ACTIVITY -> Each entry below must come back exactly as written, without its pictures.

(Dataset excerpts)
------------------------------------
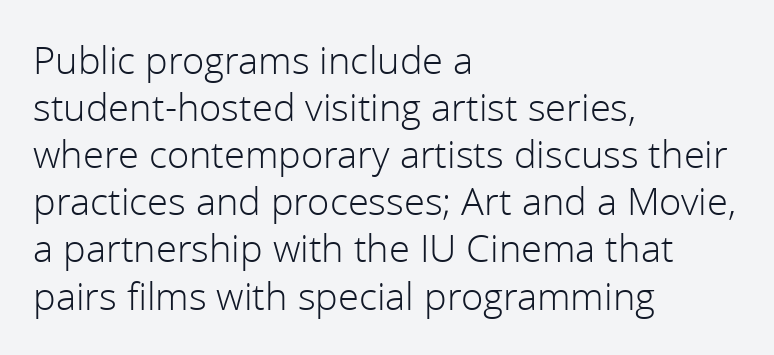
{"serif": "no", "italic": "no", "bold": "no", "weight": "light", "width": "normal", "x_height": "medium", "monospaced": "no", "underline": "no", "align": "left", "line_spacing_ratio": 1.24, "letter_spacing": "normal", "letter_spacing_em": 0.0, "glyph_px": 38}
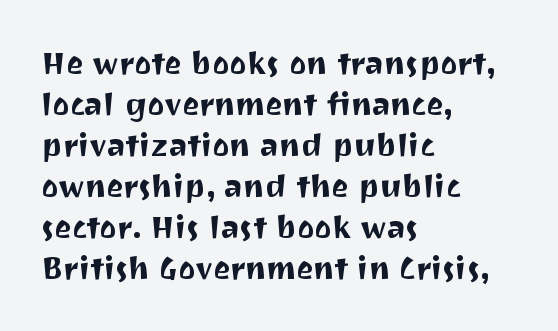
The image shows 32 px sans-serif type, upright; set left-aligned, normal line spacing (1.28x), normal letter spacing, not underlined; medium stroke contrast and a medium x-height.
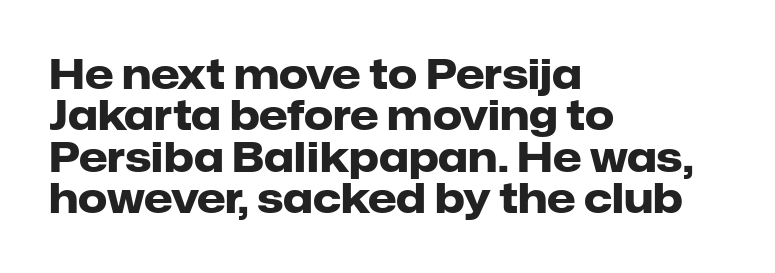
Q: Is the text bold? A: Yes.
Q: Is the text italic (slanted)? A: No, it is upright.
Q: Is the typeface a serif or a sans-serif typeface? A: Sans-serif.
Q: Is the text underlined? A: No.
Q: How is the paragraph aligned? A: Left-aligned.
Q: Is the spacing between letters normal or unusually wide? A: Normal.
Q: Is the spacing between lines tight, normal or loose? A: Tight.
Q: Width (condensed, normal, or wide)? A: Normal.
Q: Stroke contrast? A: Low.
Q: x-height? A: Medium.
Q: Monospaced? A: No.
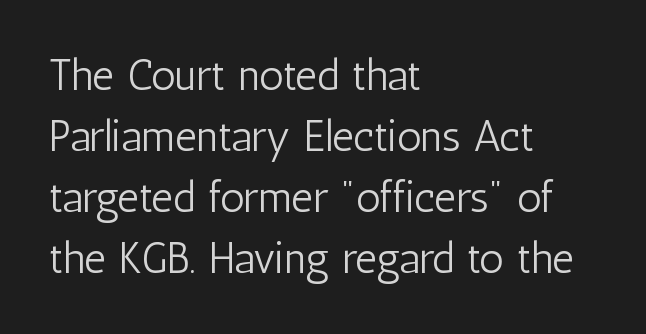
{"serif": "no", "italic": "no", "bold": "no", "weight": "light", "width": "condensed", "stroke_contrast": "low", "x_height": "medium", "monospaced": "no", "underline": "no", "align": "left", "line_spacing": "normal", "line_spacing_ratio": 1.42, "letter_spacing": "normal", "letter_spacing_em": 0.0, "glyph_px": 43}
------------------------------------
SOLUTION TO THIS TASK ->
{"serif": "no", "italic": "no", "bold": "no", "weight": "light", "width": "normal", "x_height": "medium", "monospaced": "no", "underline": "no", "align": "left", "line_spacing_ratio": 1.24, "letter_spacing": "normal", "letter_spacing_em": 0.0, "glyph_px": 38}
The image shows 32 px sans-serif type, upright; set left-aligned, normal line spacing (1.28x), normal letter spacing, not underlined; medium stroke contrast and a medium x-height.
Q: Is the text bold? A: Yes.
Q: Is the text italic (slanted)? A: No, it is upright.
Q: Is the typeface a serif or a sans-serif typeface? A: Sans-serif.
Q: Is the text underlined? A: No.
Q: How is the paragraph aligned? A: Left-aligned.
Q: Is the spacing between letters normal or unusually wide? A: Normal.
Q: Is the spacing between lines tight, normal or loose? A: Tight.
Q: Width (condensed, normal, or wide)? A: Normal.
Q: Stroke contrast? A: Low.
Q: x-height? A: Medium.
Q: Monospaced? A: No.
{"serif": "no", "italic": "no", "bold": "no", "weight": "light", "width": "condensed", "stroke_contrast": "low", "x_height": "medium", "monospaced": "no", "underline": "no", "align": "left", "line_spacing": "normal", "line_spacing_ratio": 1.42, "letter_spacing": "normal", "letter_spacing_em": 0.0, "glyph_px": 43}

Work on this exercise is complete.